After the Legislature failed to give the state health department the funding it needed to fully staff county health departments, some no longer offer clinical services and the agency may close others.
County health departments now offer one of three levels of care as a part of a plan to ensure their sustainability in the face of limited and unpredictable funding.
Eight county health departments no longer offer the clinical services they have traditionally provided, like immunizations, preventive screening and reproductive health services. Instead, they serve as a connection point to other health departments with higher levels of care.
The reorganization is the county health departments’ “pathway for survival,” State Health Officer Dr. Daniel Edney told Mississippi Today.
Previously, clinicians rotated between county health departments, he said. The new system establishes consistent levels of care.
“That didn’t work,” he said. “But this is working.”
Health departments are now classified into three levels:
- Level 3 clinics, or “super clinics,” have a doctor or nurse practitioner on staff. They offer a full range of services, including family planning, immunizations, disease screenings and programming for mothers and children.
- Level 2 clinics have a nurse on staff and offer limited family planning services, immunization, disease screenings, programming for mothers and children and telehealth appointments.
- Level 1 clinics do not have a clinician on staff, and offer referrals, record services, federal programming for women and children and help people schedule rides to higher level clinics.
Some clinics offer Level 2 services on some days of the week and Level 3 services on others.
The new system aims to concentrate resources and ensure that every region of Mississippi has access to needed health services, said Dr. Renia Dotson, Mississippi’s state epidemiologist and the director of the recently created Center for Public Health Transformation, the health department division responsible for overseeing the changes.
It utilizes telehealth and transportation services – like the department’s partnership with Uber – to ensure that patients can access a doctor or nurse practitioner even in health department locations without one on staff.

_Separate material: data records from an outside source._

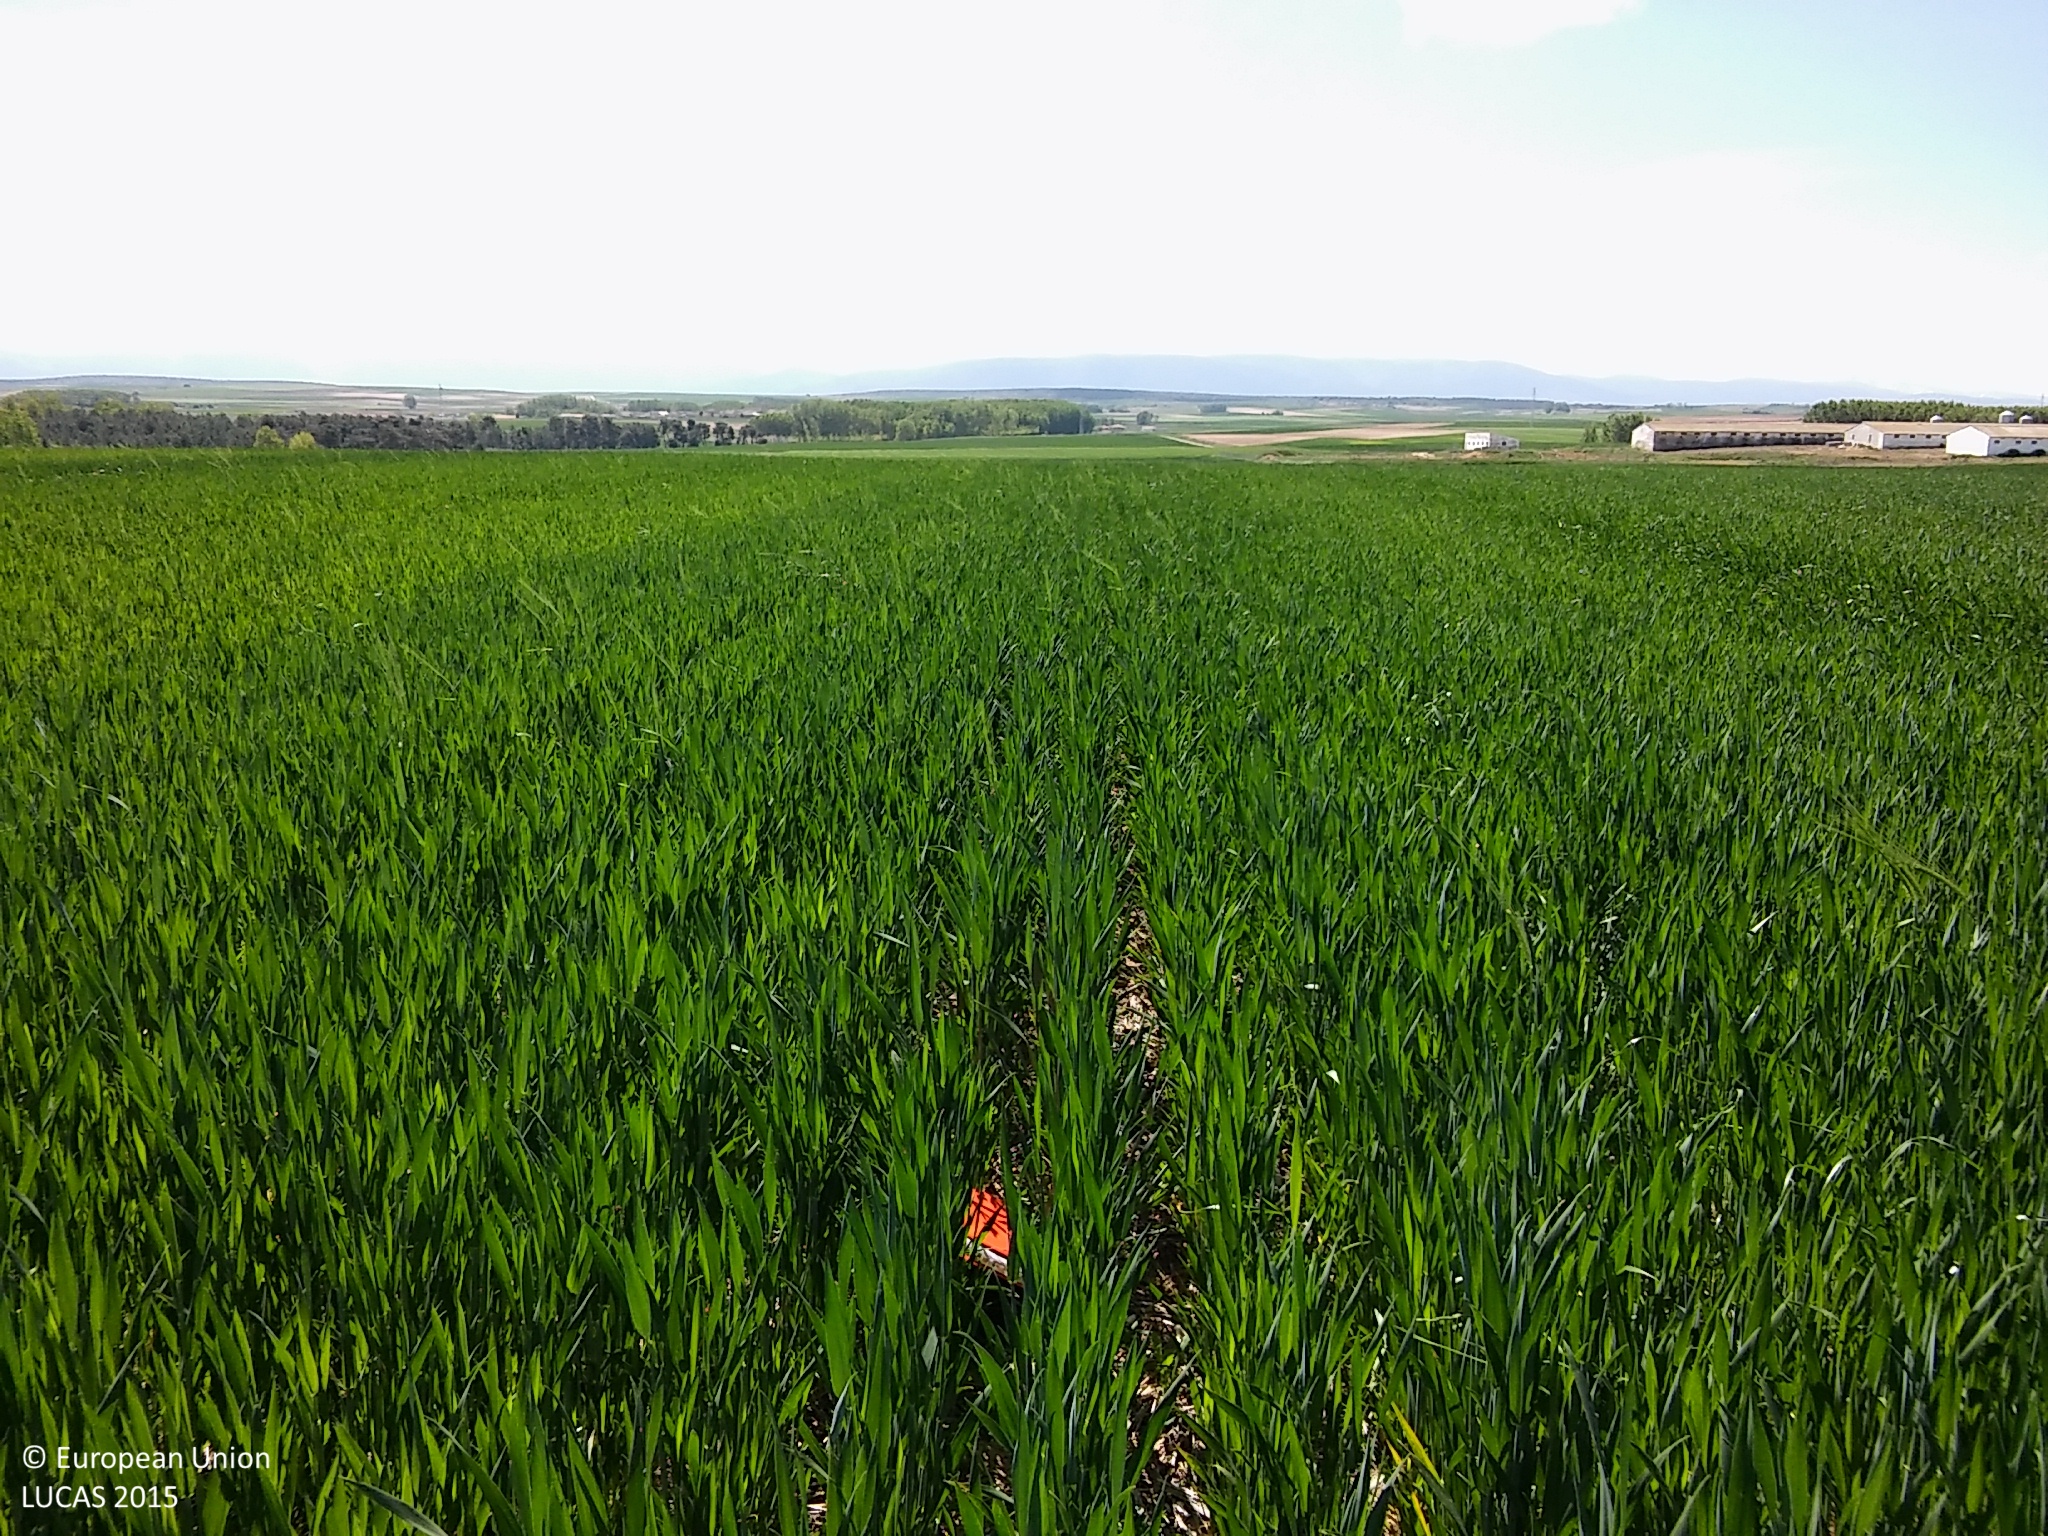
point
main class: Cropland
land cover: Common wheat
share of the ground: > 75 %
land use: Agriculture (excluding fallow land and kitchen gardens)
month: May
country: ES
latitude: 41.1870
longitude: -3.9643
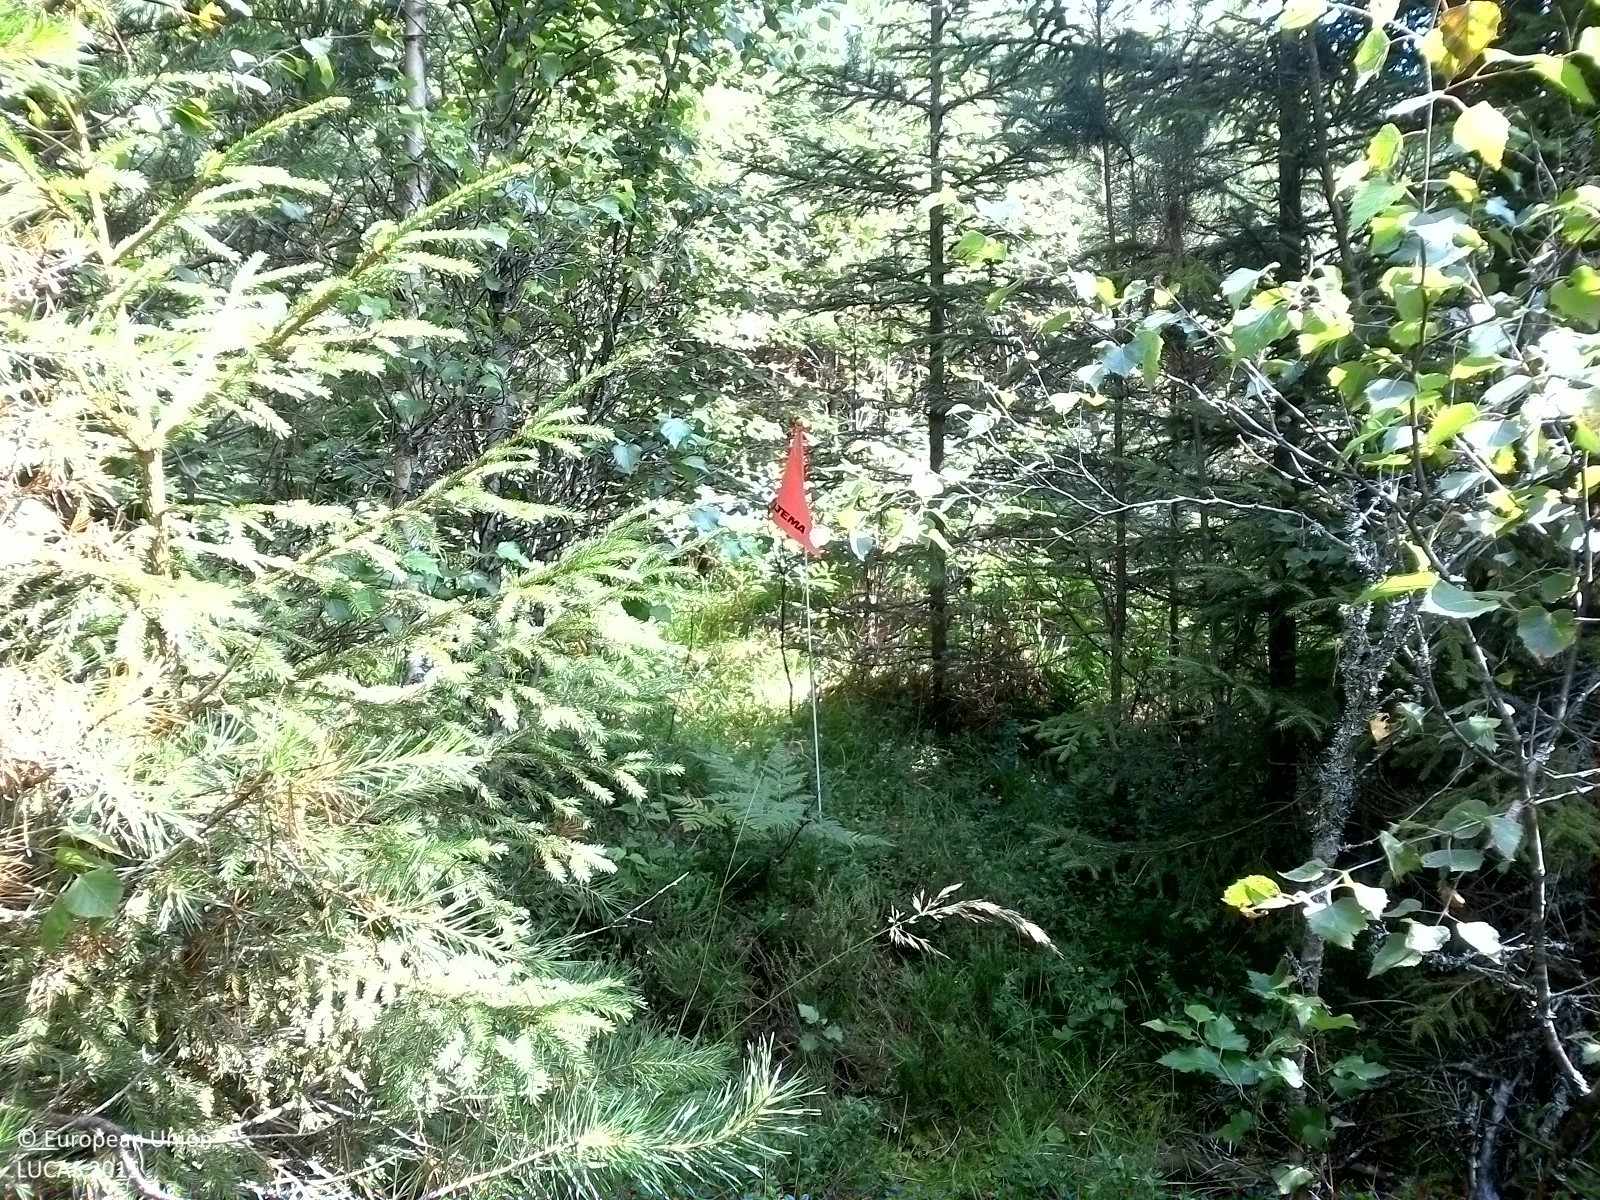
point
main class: Woodland
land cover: Other mixed woodland
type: boreal forest
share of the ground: > 75 %
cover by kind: coniferous forest trees 45 %, broadleaved forest trees 35 %, herbaceous plants 20 %
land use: Forestry
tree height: < 5 m
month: August
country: SE
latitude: 58.8691
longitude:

In just over one year, the health department doubled the number of nurse practitioners it employs to over 30 and increased the number of Level 3 clinics to 15, said Dotson. She said the health department aims to continue expanding the number of Level 3 clinics.
Drastic budget cuts in 2017 forced the agency to shutter county health departments and lay off staff. The agency has spent the last eight years rebounding from the cuts.
In 2023, the Legislature denied the health department’s $9 million budget request to hire the nurses needed to fully staff county health departments and a program that puts nurses in the homes of low-income pregnant women with high-risk pregnancies.
The Mississippi State Department of Health began implementing a tiered approach to county health departments’ level of care not long afterwards. The agency has been making the changes for the past 18 months, said Edney.
No county health departments have yet been closed as a result of the changes, said Dotson, but there may be some areas where it is not possible to continue operating a county health department. The agency is currently in the process of evaluating the level of care that is needed and that the department is able to support in each county, and considering other health services offered in an area when making determinations on need.
“We’ll make an effort to maintain a presence in every county if that is feasible,” she said.
The agency’s website does not currently include information about the reorganization or provide information about which level of care each county health department provides.
The Department of Health made a meager budget request this year of just $4.8 million to train early-career doctors and help Mississippians enroll in health insurance. It did not include any specific requests for county health department funding or funding positions for doctors or nurses.
The agency is working to create margins in a tight budget by reducing its overhead, Edney told Mississippi Today.